As with any procedure, there are times when it is not safe to proceed with lumbar puncture. These contraindications are:

  • Skin infection near the site of the lumbar puncture
  • Suspicion of increased intracranial pressure due to a cerebral mass
  • Uncorrected coagulopathy
  • Acute spinal cord trauma

The presence of skin infection near the site of the LP increases the risk of carrying the infection into the CSF with the LP needle. Thus, infection at the potential LP site is a contraindication to performing a lumbar puncture at that area.

Perhaps the more worrisome contraindication to lumbar puncture is the suspicion of increased intracranial pressure (ICP) due to a cerebral mass lesion. In the presence of a potential brain tumor, cerebral hemorrhage, cavernous sinus thrombosis, brain abscesses, epidural or subdural hematomas , patients are at increased risk of deteriorating neurologically with LP. As the space-occupying lesion grows, ICP rises. When lumbar puncture is performed in these patients, a low-pressure shunt is formed at the site of LP where CSF can escape. As the CSF pressure drops in the spinal column, CSF and brain mass may then shift towards the low-pressure outlet (the LP site). This may lead to either trans-tentorial or uncal herniation and acute neurological deterioration. Patients with increased ICP from mass lesions often display decreased levels of consciousness, focal neurological signs or papilledema on physical exam. Any of these findings make lumbar puncture contraindicated until further evaluation can be undertaken. The next section "To CT or Not to CT", addresses the issue of when imaging is required prior to LP.
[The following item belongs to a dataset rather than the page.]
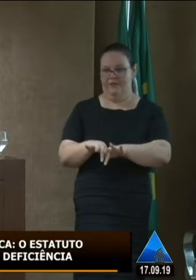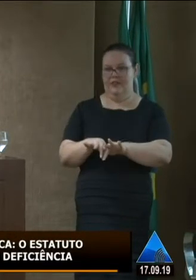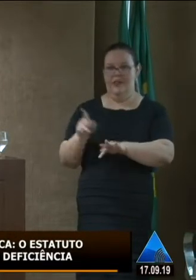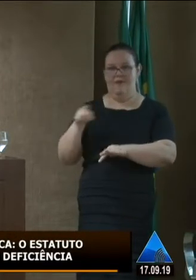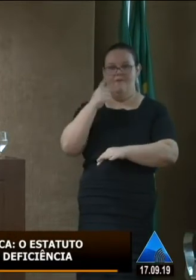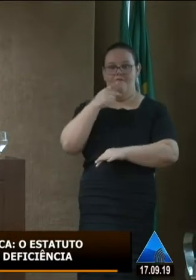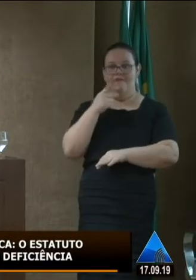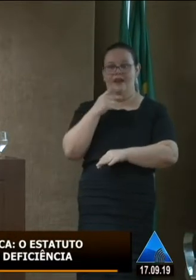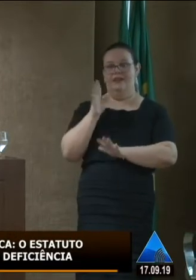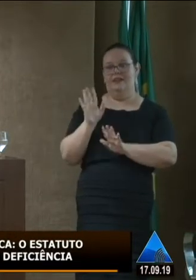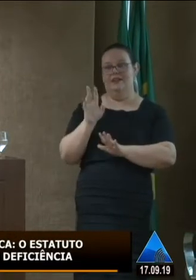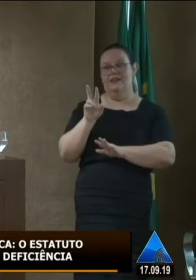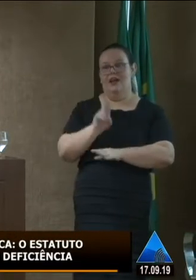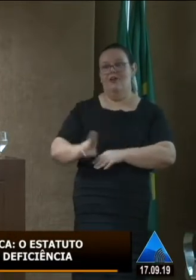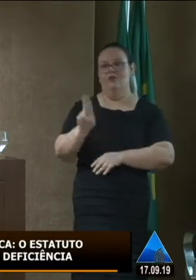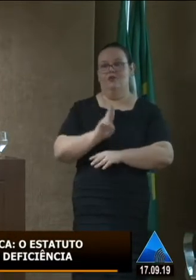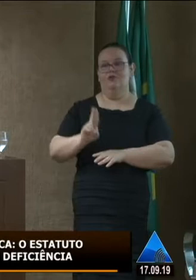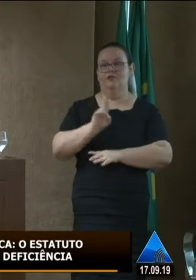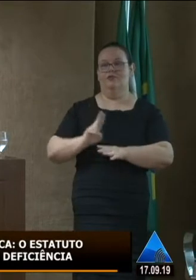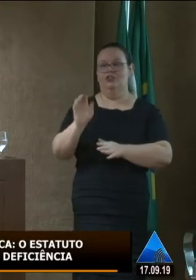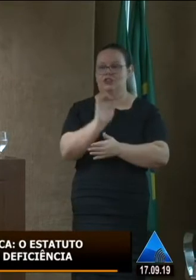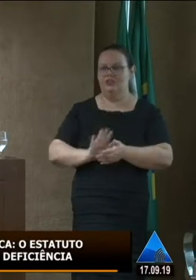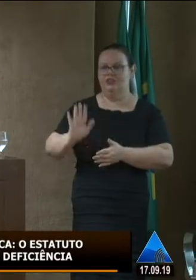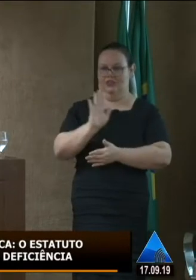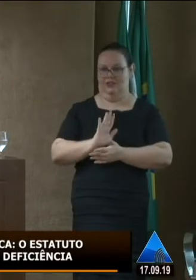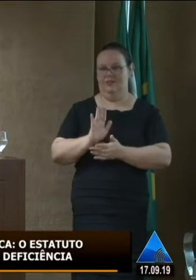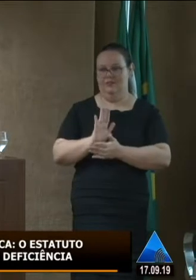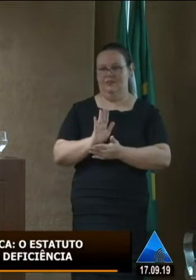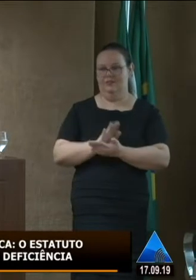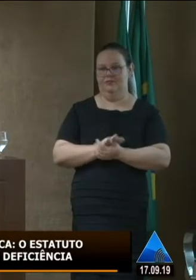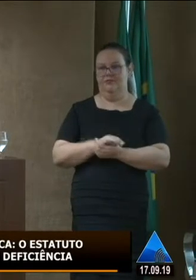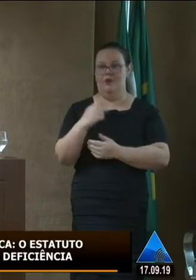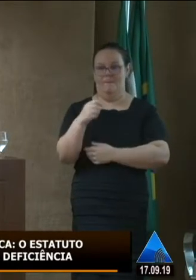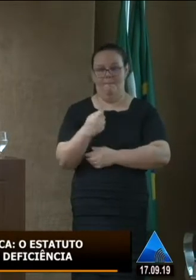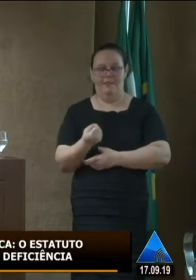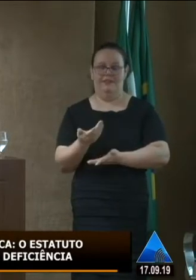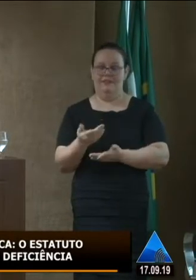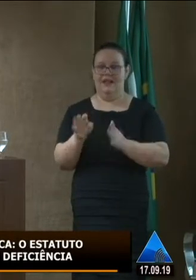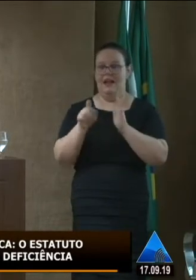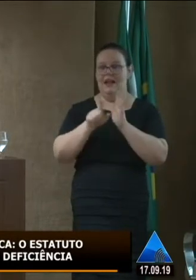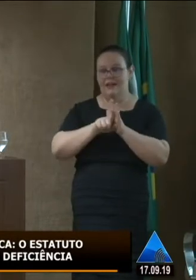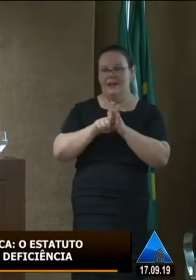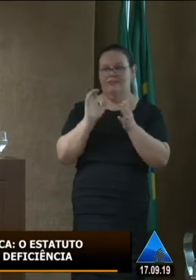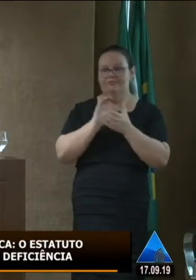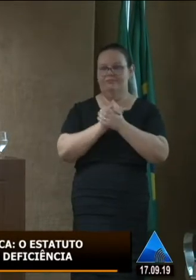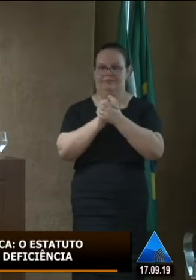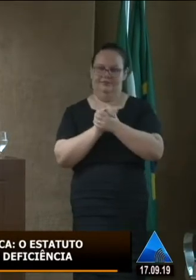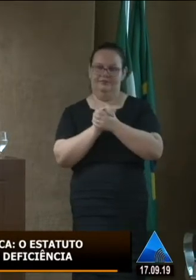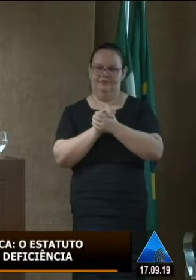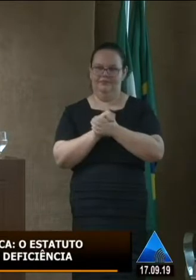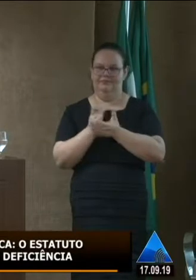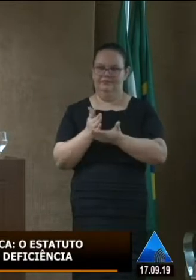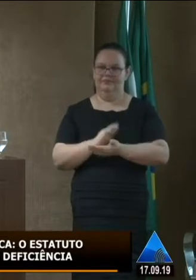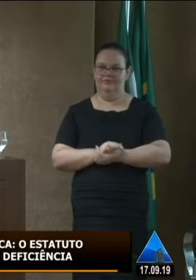Federal Rural do Semiárido como Instituto Federal não sejam abarcados por leis estaduais, a gente já tem uma

As with most invasive procedures, uncorrected coagulopathy is a contraindication to LP. This includes those on heparin, coumadin, or with clotting defects such as disseminated intravascular coagulation, hemophilia or thrombocytopenia. Having said that, when these clotting abnormalities are corrected, lumbar puncture is no longer contraindicated. Reversal of coumadin with Vitamin K or fresh frozen plasma, replacement of a hemophiliac's clotting factors or transfusion of platelets to the thrombocytopenic patient would all allow for safe lumbar puncture.

In the presence of acute spinal trauma, LP is understandably contraindicated as both the bony anatomy and spinal structure may be altered and not allow for safe placement of the LP needle.